Exercise – The required result is the number of lines below that hold the word "CCCCCC", stated without anything else.

━━ Exercise data ━━

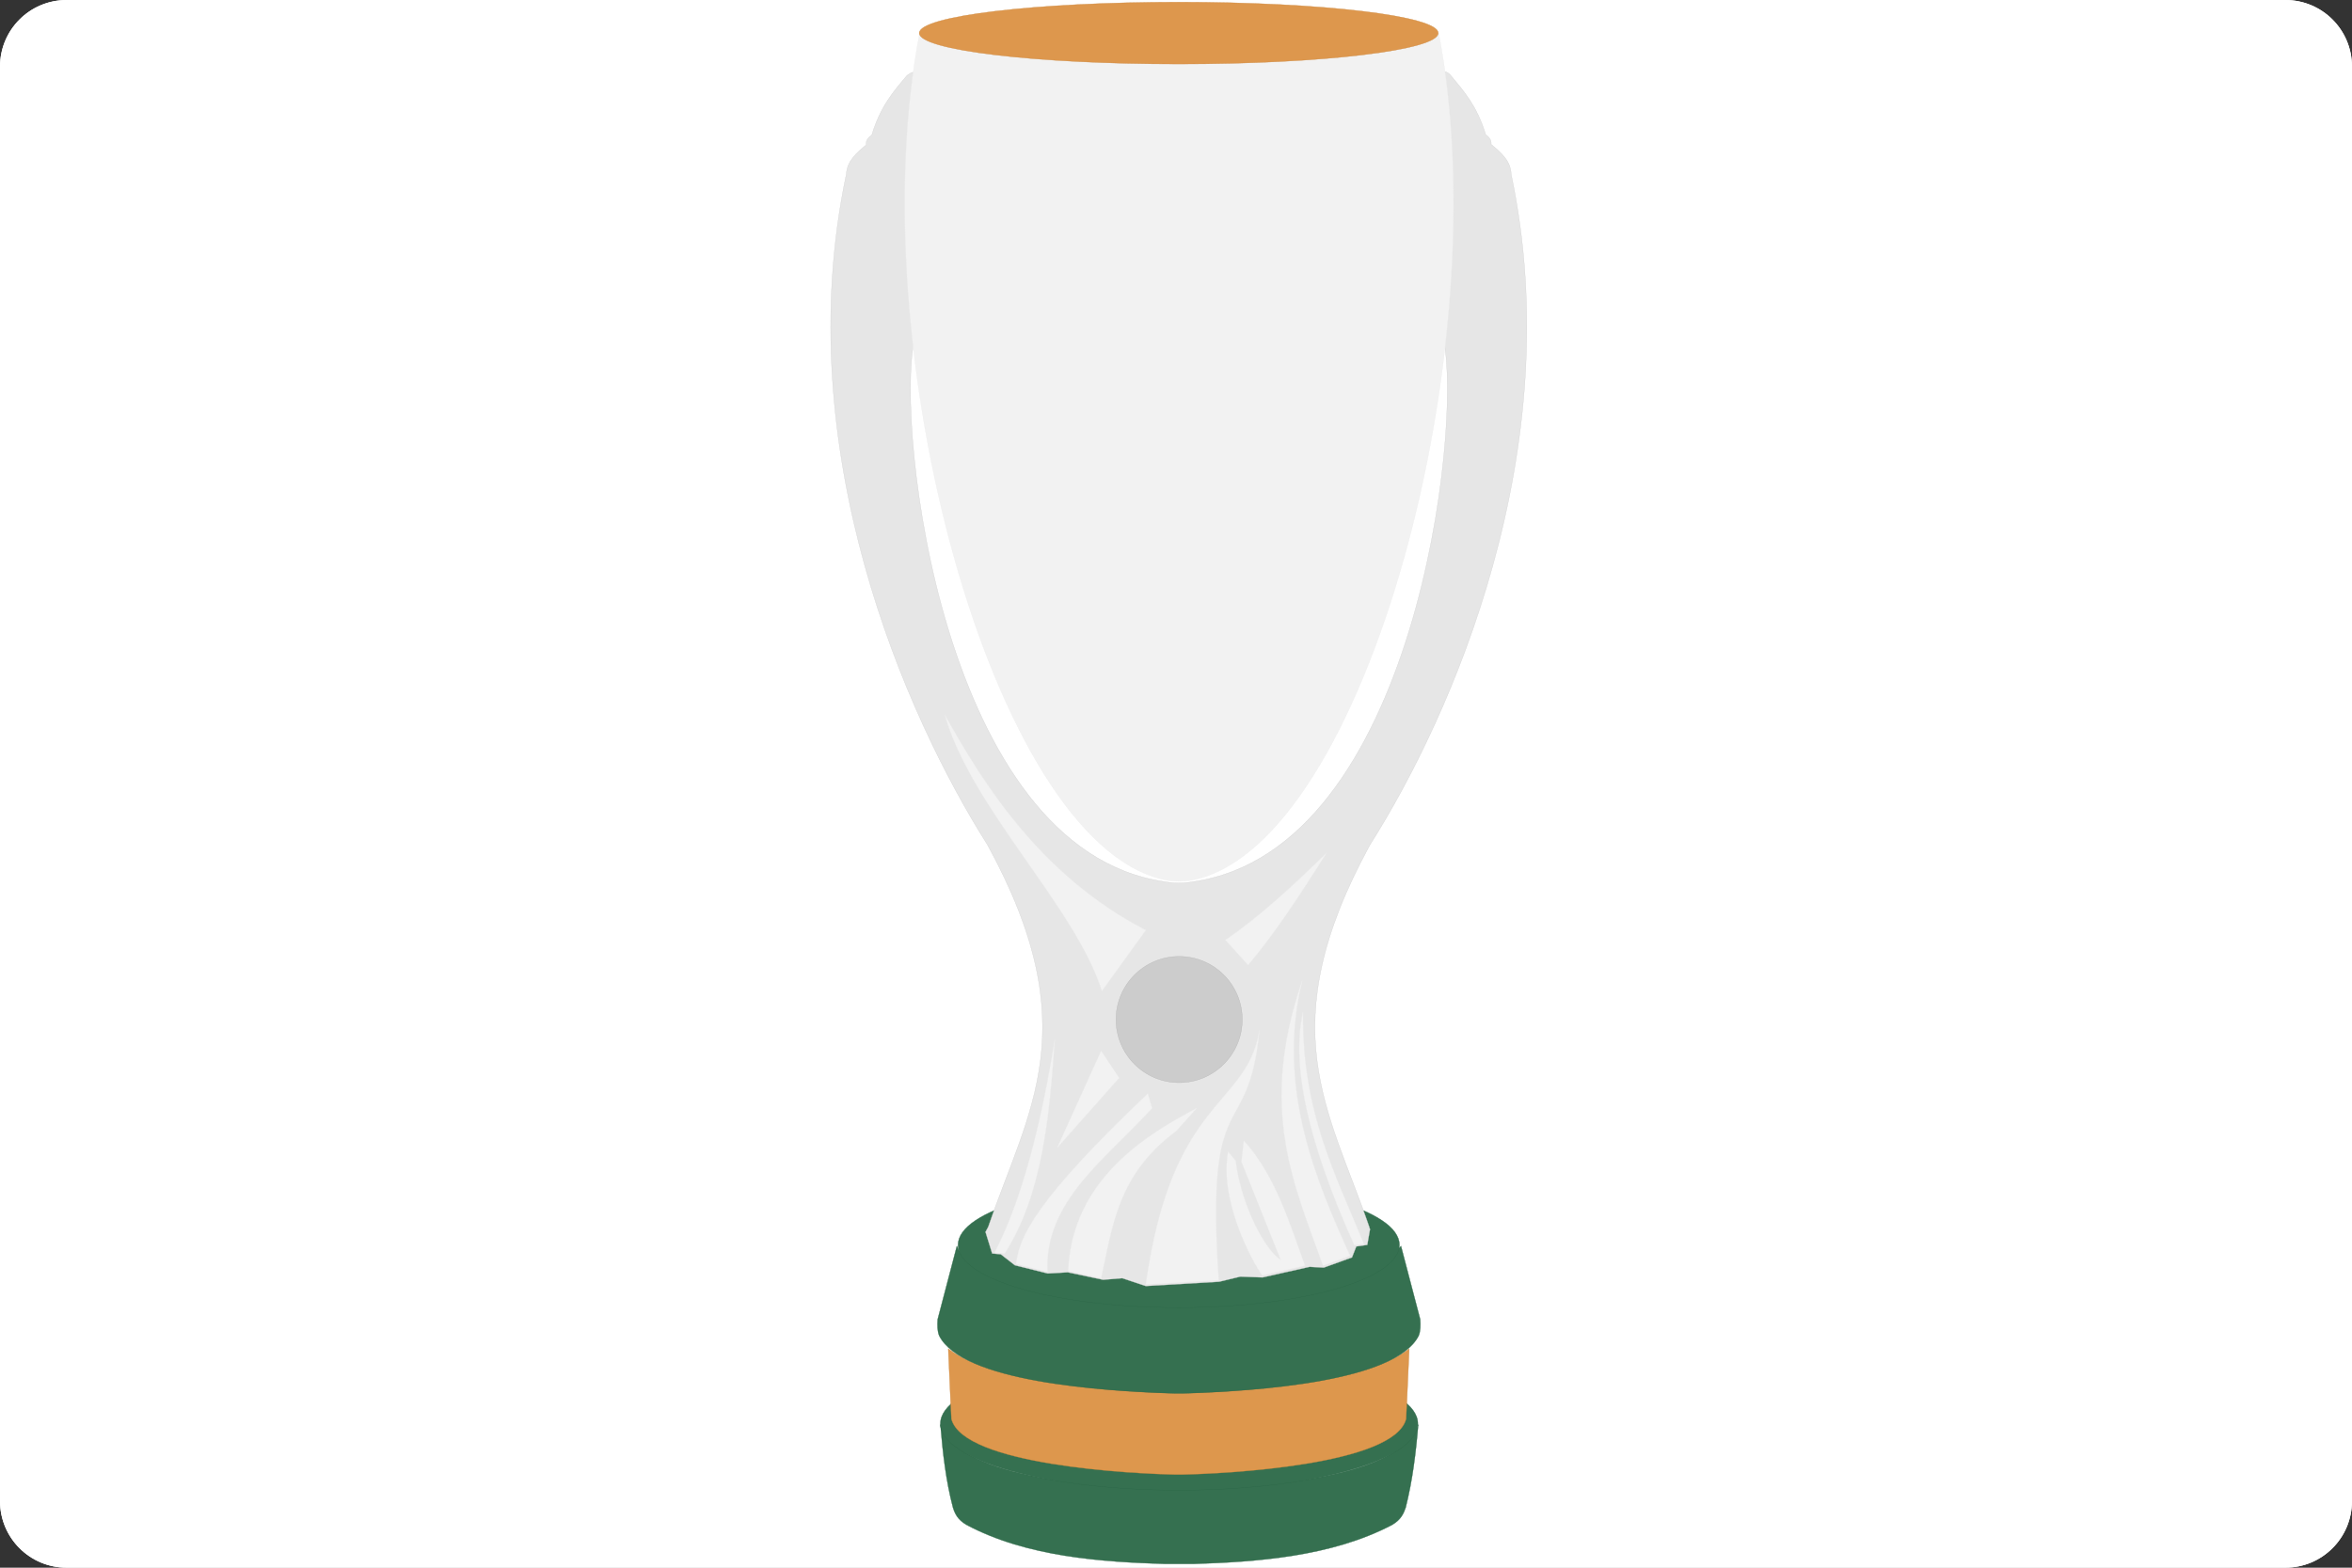<?xml version="1.0" encoding="utf-8"?>
<!-- Generator: Adobe Illustrator 24.1.2, SVG Export Plug-In . SVG Version: 6.00 Build 0)  -->
<svg version="1.1" id="Слой_1" xmlns="http://www.w3.org/2000/svg" xmlns:xlink="http://www.w3.org/1999/xlink" x="0px" y="0px"
	 viewBox="0 0 600 400" enable-background="new 0 0 600 400" xml:space="preserve">
<rect x="0" y="0" width="600" height="400" fill="#333333" stroke="none"/>
<g id="Layer_3">
	<g id="Layer_5">
		<g>
			<path fill="#FFFFFF" d="M0,383c0,9.4,7.6,17,17,17h566c9.4,0,17-7.6,17-17V17c0-9.4-7.6-17-17-17H17C7.6,0,0,7.6,0,17V383z"/>
		</g>
		<g>
			<path fill-rule="evenodd" clip-rule="evenodd" fill="#FFFFFF" d="M0,383c0,9.4,7.6,17,17,17h566c9.4,0,17-7.6,17-17V17
				c0-9.4-7.6-17-17-17H17C7.6,0,0,7.6,0,17V383z"/>
		</g>
	</g>
</g>
<g id="layer1" transform="translate(0,-1002.362)">
	<path id="path3777" fill="#357050" stroke="#2B6646" stroke-width="7.351758e-02" d="M239.9,1365.8c0.6,7.3,1.4,14.4,3.2,21.2
		c0.5,1.6,1.2,3.1,3.4,4.4c15.5,8.3,34.9,9.5,50.7,10c2.3,0,4.8,0,7.3,0c15.8-0.5,35.2-1.8,50.7-10c2.2-1.3,2.9-2.9,3.4-4.4
		c1.7-6.7,2.6-13.9,3.2-21.2c-4.3,13-35.9,16.1-59.9,16.4c-0.7,0-1.4,0-2.1,0C275.7,1381.9,244.2,1378.8,239.9,1365.8z"/>
	
		<ellipse id="path3775" fill="#357050" stroke="#2B6646" stroke-width="8.085041e-02" stroke-linecap="round" stroke-linejoin="round" cx="300.8" cy="1365.6" rx="60.9" ry="17"/>
	<path id="path3773" fill="#DD974D" stroke="#C98339" stroke-width="7.351758e-02" d="M241.9,1346.5l0.8,17.9
		c3,11.8,46.2,14,57.1,14.2c0.6,0,1.2,0,1.8,0c10.9-0.2,54.1-2.4,57.1-14.2l0.8-17.9c-11.9,9.4-47.9,11.2-57.9,11.3
		c-0.6,0-1.2,0-1.6,0c-0.1,0-0.2,0-0.2,0C289.8,1357.7,253.9,1355.9,241.9,1346.5z"/>
	<path id="path3779" fill="#357050" stroke="#2B6646" stroke-width="7.351758e-02" d="M244.1,1320.3l-4.9,18.7
		c-0.1,1.5-0.1,3,0.4,4.2c5.9,11.6,40.6,14.1,60.3,14.7c0.6,0,1.1,0,1.7,0c19.7-0.6,54.4-3.1,60.3-14.7c0.5-1.2,0.5-2.7,0.4-4.2
		l-4.9-18.7C338.5,1343.1,250.9,1337.7,244.1,1320.3L244.1,1320.3z"/>
	
		<ellipse id="path3781" fill="#357050" stroke="#2B6646" stroke-width="7.547519e-02" stroke-linecap="round" stroke-linejoin="round" cx="300.7" cy="1320" rx="56.3" ry="16"/>
	<path id="path3794" fill="#E6E6E6" stroke="#CCCCCC" stroke-width="7.351758e-02" d="M233,1020.8c-0.5,0-1,0.4-1.6,0.8
		c-3.4,4-6.8,7.9-9,15.2c-0.8,0.6-1.6,1.3-1.4,2.5c-2.5,2.1-4.9,4.1-5.1,7.5c-14.9,70.5,15.3,138.4,36,171.1
		c25.5,46.6,10.5,67.5,0.2,97.5l-0.7,1.3l1.7,5.5l2.2,0.2l3.6,2.8l8.4,2.1l5.1-0.3l9,1.9l4.9-0.4l6,2l18.7-1.1l5.4-1.3l5.7,0.2
		l12-2.7l3.6,0.2l7.2-2.6l1.1-2.8l2.8-0.4l0.7-4c-0.1-0.2-0.2-0.5-0.2-0.6c-10.3-29.9-25.3-50.9,0.2-97.5
		c20.7-32.7,50.9-100.5,36-171.1c-0.1-3.4-2.6-5.5-5.1-7.6c0.1-1.2-0.6-1.9-1.4-2.5c-2.2-7.3-5.6-11.1-9-15.2
		c-0.8-0.8-1.6-1.2-2.5-0.4c-0.7-0.6-0.9-0.4-1,0l1.8,68.3c4.7,21.9-7.1,129.5-63.7,137.9c-2.8,0.5-5,0.5-7.7,0
		c-56.6-8.4-68.4-116-63.7-137.9l1.8-68.3c-0.1-0.4-0.3-0.6-1,0C233.6,1021,233.3,1020.8,233,1020.8z"/>
	<path id="path3000" fill="#F2F2F2" stroke="#ECECEC" stroke-width="7.351758e-02" d="M234.6,1010.8
		c-15.5,80.4,18.7,205.8,61.9,215.9c2.4,0.7,6.2,0.7,8.6,0c43.2-10.1,77.4-135.5,61.9-215.9C331,1010.8,266.2,1010.8,234.6,1010.8
		L234.6,1010.8z"/>
	<path id="path3807" fill="#F2F2F2" stroke="#ECECEC" stroke-width="7.351758e-02" d="M281.1,1255.2l11.2-15.5
		c-27.5-14.2-42.2-38.7-51.3-55C247.8,1208.7,274.2,1233.5,281.1,1255.2z"/>
	
		<ellipse id="path2998" fill="#DD974D" stroke="#C98339" stroke-width="7.375101e-02" stroke-linecap="round" stroke-linejoin="round" cx="300.7" cy="1010.8" rx="66.2" ry="7.9"/>
	<path id="path3809" fill="#F2F2F2" stroke="#ECECEC" stroke-width="7.351758e-02" d="M259.2,1324.9l8,2
		c-0.8-18.3,15.2-29,26.7-41.8l-1.1-3.7C264.2,1308.6,260,1317.9,259.2,1324.9z"/>
	<path id="path3811" fill="#F2F2F2" stroke="#ECECEC" stroke-width="7.351758e-02" d="M272.5,1326.7l8.4,1.8
		c2.9-13.1,4.1-26.4,19.2-37.6l5.2-5.8C293.6,1291.3,273.4,1302.8,272.5,1326.7z"/>
	<path id="path3813" fill="#F2F2F2" stroke="#ECECEC" stroke-width="7.351758e-02" d="M292.3,1330.1l18.6-1.1
		c-3.5-51.5,7.5-34.1,10.4-63.8C318,1285.1,299,1282.1,292.3,1330.1z"/>
	<path id="path3815" fill="#F2F2F2" stroke="#ECECEC" stroke-width="7.351758e-02" d="M285.5,1277.4l-4.6-6.9l-11.2,24.7
		L285.5,1277.4z"/>
	<path id="path3817" fill="#F2F2F2" stroke="#ECECEC" stroke-width="7.351758e-02" d="M312.6,1242.2l5.8,6.4
		c7.4-8.8,13.7-18.7,20-28.6C329.9,1228.3,321.4,1236.2,312.6,1242.2z"/>
	<path id="path3819" fill="#F2F2F2" stroke="#ECECEC" stroke-width="7.351758e-02" d="M337.5,1325.3l6.9-2.5
		c-8.2-18.3-19-42.6-12.2-70.2C320.9,1285.5,330.2,1304.7,337.5,1325.3z"/>
	<path id="path3821" fill="#F2F2F2" stroke="#ECECEC" stroke-width="7.351758e-02" d="M322,1327.8l10.9-2.5
		c-4.1-11.4-7.7-23.2-15.6-31.9l-0.6,5.4l10,25c-3.9-2.4-10-13.6-11.5-25.3l-1.9-2.3C311,1308.4,319.2,1323.9,322,1327.8L322,1327.8
		z"/>
	<path id="path3823" fill="#F2F2F2" stroke="#ECECEC" stroke-width="7.351758e-02" d="M253.7,1322l2.6,0.2
		c9.6-15,11.4-34.8,12.8-54.7C263.8,1300.4,257.3,1315,253.7,1322L253.7,1322z"/>
	<path id="path3825" fill="#F2F2F2" stroke="#ECECEC" stroke-width="7.351758e-02" d="M347.9,1319.7l-2.4,0.4
		c-12.2-27.1-16.1-46.5-13.1-59.5C332.1,1286.3,340.8,1302.2,347.9,1319.7L347.9,1319.7z"/>
	
		<circle id="path3792" fill="#CCCCCC" stroke="#B3B3B3" stroke-width="8.270916e-02" stroke-linecap="round" stroke-linejoin="round" cx="300.8" cy="1262.5" r="16.1"/>
</g>
</svg>

━━━

Written reply – 2